The first problem is to identify the Krylov profile of such a matrix given $E,M,s,d$, i.e. the first rows of $K$ that form a basis spanning the subspace spanned by all the rows. As construction of such a matrix may be very costly for large parameters, the aim is to compute this without having to construct the full matrix.
The second problem is to compute a left kernel for $K$ in row-reduced echelon form.

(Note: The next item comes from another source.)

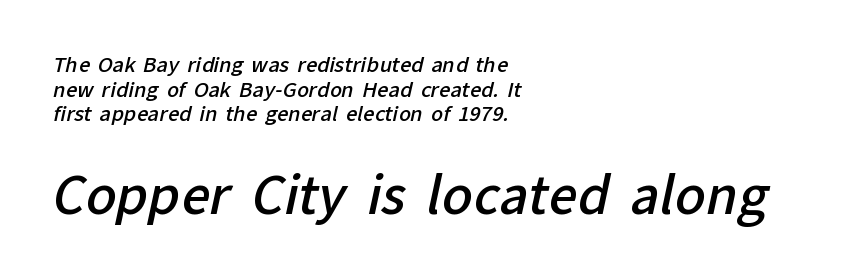
{"serif": "no", "bold": "semi", "weight": "semibold", "width": "normal", "stroke_contrast": "low", "x_height": "medium", "monospaced": "no", "underline": "no", "align": "left", "line_spacing_ratio": 1.23, "letter_spacing": "normal", "letter_spacing_em": 0.0, "larger_block": "second", "size_ratio": 2.55, "glyph_px": 51}

In the original paper, this is characterised as an $s$-minimal linear interpolation basis, considering the rows of $E$ as a set of elements of the $\mathbb{K}[x]$-module defined with multiplication matrix $M$.
Basic algorithm description

Computing the permutation

The permutation applied to the rows of $K^*$ to obtain $K$ is characterised by a sorting of the coordinates
$$\left((0,0),\dots,(m-1,0),(0,1),\dots,(m-1,1),\dots,(0,d),\dots,(m-1,d)\right)$$
first by $(i,j) \to s_i + j$, then by $(i,j) \to i$, both in ascending order.
It is also necessary to be able to identify the original $(i,j)$ coordinate given the row index in $K$.
For these two purposes the approach that achieves both simply is to compute the original pairs and assign each an index before sorting:
$$\left((0,0,0),\dots,(m-1,0,m-1),(0,1,m),\dots,(m-1,1,2m-1),\dots,(0,d,md),\dots\right)$$
.
I have added a helper function _krylov_row_coordinates that returns this list sorted.
Computing the Krylov matrix

The algorithm to compute the unshifted Krylov matrix $K^*$ is composed of two steps: computing the powers of $2$ of $M$ by repeated squaring, and computing the products $\begin{bmatrix}E\\EM\\EM^2\\\vdots\end{bmatrix}$ by multiplication by these powers of $M$.
Given the matrix $\begin{bmatrix}E\\\vdots\\EM^{2^j-1}\end{bmatrix}$ and $M^{2^{j-1}}$, the next step is computed inductively.
$$M^{2^j} = \left(M^{2^{j-1}}\right)^2$$
$$\begin{bmatrix}E\\\vdots\\EM^{2^{j+1}-1}\end{bmatrix} = \begin{bmatrix}\begin{bmatrix}E\\\vdots\\EM^{2^j-1}\end{bmatrix}\\\begin{bmatrix}E\\\vdots\\EM^{2^j-1}\end{bmatrix} M^{2^j}\end{bmatrix}$$
For a sufficiently large power, i.e. $2^j \geq \sigma$, $K^*$ is computed as a submatrix (using matrix_from_rows) of $\begin{bmatrix}E\\\vdots\\EM^{2^{j+1}-1}\end{bmatrix}$.
The permutation constructed via _krylov_row_coordinates is then applied to $K^*$ to give $K$.
Computing the naive Krylov basis (or row rank profile)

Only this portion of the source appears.